Plasma cell myeloma is a type of cancer of the plasma cells which are immune cells in bone marrow that produce antibodies.
The criterion for diagnosing plasma cell myeloma is usually equal to or greater than 10% of plasma cells in the bone marrow, but some symptomatic patients have a lower percentage. The registrar does not code plasma cell myeloma based on the percentage of plasma cells. There must be a diagnosis PCM.
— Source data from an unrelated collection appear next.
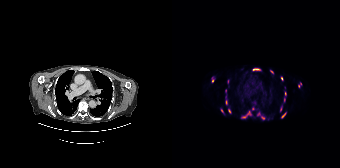
Left: CT. Right: PSMA PET, same axial level, [18F]PSMA-1007 tracer. PET panel 168×168 px (4.1 mm/px). Coordinates are on the 168×168 PET (right) panel. (showing 12 of 17 foci) PSMA-avid tumor lesion bounding boxes (x0,y0,x1,y1): [80,68,88,70]; [110,113,113,117]; [54,100,55,104]. Small PSMA-avid foci (2 to 4 px across) near (center x, center y): (57, 110); (99, 71); (109, 78); (71, 116); (91, 118); (126, 86); (113, 93); (50, 110); (40, 80).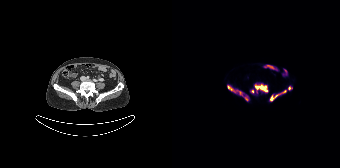
Paired axial CT (left) and PSMA PET (right), 18F-PSMA tracer. Acquired on Siemens Biograph 64-4R TruePoint. PET panel 168×168 px (4.1 mm/px).
Coordinates are on the 168×168 PET (right) panel. PSMA-avid tumor lesion bounding boxes:
| # | x0 | y0 | x1 | y1 |
|---|---|---|---|---|
| 1 | 78 | 83 | 96 | 93 |
| 2 | 97 | 90 | 114 | 101 |
| 3 | 55 | 85 | 65 | 92 |
| 4 | 73 | 94 | 77 | 101 |
| 5 | 67 | 91 | 71 | 96 |
| 6 | 116 | 86 | 120 | 90 |

A clinical diagnosis (no bone marrow biopsy done or unknown if bone marrow biopsy done) of PCM may be based on amyloidosis with associated renal impairment, anemia, and/or hypercalcemia supported by radiologic evidence of multiple lytic bone lesions.
Any case, including DCO's, listed as myeloma, multiple myeloma or PCM may be coded to 9732/3.
Multiple bone marrow biopsies may be done. Only one of the biopsies needs to be positive.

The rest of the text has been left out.